Indeed Park Gerald was a Midwestern conservative, but his personal views were just exactly that: personal. He never permitted his own views to influence academic decisions.

Though Gerald was a well-read and knowledgeable clinician, his first love was research, and his contributions to clinical research in genetics were profound.

Kurt Hirschhorn, emeritus chair of pediatrics at Mt. Sinai writes, "After his extensive work on human hemoglobin abnormalities, Dr. Gerald turned his attention to the field of human cytogenetics in which he made a number of substantial contributions. From the clinical point of view, he clarified the neuropathology of trisomy 13, described several translocations and deletions, and reported on chromosomal abnormalities in constitutional aplastic anemia. Much of his effort was devoted to the early and important attempts at mapping human genes to specific chromosomes, both by clinical correlation and by the use of somatic cell hybrids. He was deeply involved in the important survey studies to elucidate the frequency of chromosomal abnormalities in newborns and young children. In the field of basic cytogenetics, he wrote several seminal papers, together with the late Sam Latt, on the basis of the then new staining methods for the specific identification of chromosomes, the action of alkylating agents on the chromosome damage in Fanconi Anemia, and the microscopic analysis of DNA replication. Finally, he was involved in important studies of the behavioral development of children with sex chromosome abnormalities. These broad- based activities in the field of human cytogenetics contributed greatly to the development of this important field."

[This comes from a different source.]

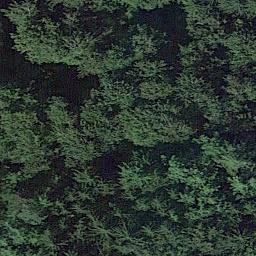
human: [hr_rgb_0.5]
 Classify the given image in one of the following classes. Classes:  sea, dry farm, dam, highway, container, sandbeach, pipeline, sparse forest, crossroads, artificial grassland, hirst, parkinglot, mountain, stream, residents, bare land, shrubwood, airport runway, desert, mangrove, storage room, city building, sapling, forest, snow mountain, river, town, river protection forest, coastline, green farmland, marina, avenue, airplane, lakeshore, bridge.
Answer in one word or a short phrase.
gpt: forest

As Park Gerald approached retirement he began to plan the continuation of the Division of Genetics at Children's and recruited Samuel Latt, a molecular geneticist as his successor. Gerald retired in December 1981 and Latt succeeded him. Tragically, Latt died suddenly in September 1988 and was succeeded by Louis Kunkel, who leads the Division with great distinction today. The choice of Kunkel is particularly significant because his father, Henry Kunkel, stimulated so much of Gerald's interest in hemoglobin.

In the last few years of his tenure, Park Gerald began to explore an interest in medical informatics well before computers had entered medicine in any significant way. Gerald was writing programs to make the recovery of genetic information both doable and convenient. Gerald's wife, Jill writes, "During the early 1980s Park foresaw the impact that computers would soon make and set out to learn all he could about them. He introduced some of the very first PCs at Children's. After Park retired, he pursued his passion for computers full time, reviewing books and software among other things. He became a very active member of the Boston Computer Society, writing articles for the PC Report and teaching various computer courses. Park also chaired the Artificial Intelligence Users Groups and was on the board of directors. In recognition of his extensive contributions, the Boston Computer Society awarded him a lifetime family membership."

Park Gerald was a remarkably productive investigator. He made important contributions that impacted hemoglobin genetics, cytogenics, the entire field of clinical genetics and medical informatics. He created one of the first divisions of clinical genetics in the United States and developed the leadership to maintain it after his retirement. Children's Hospital and American pediatrics owe him a substantial debt of gratitude.

David G. Nathan, M.D., Chair Chester Alper, M.D. Thomas Cone, Jr., M.D. Louis Kunkel, Ph.D. Fred Rosen, M.D.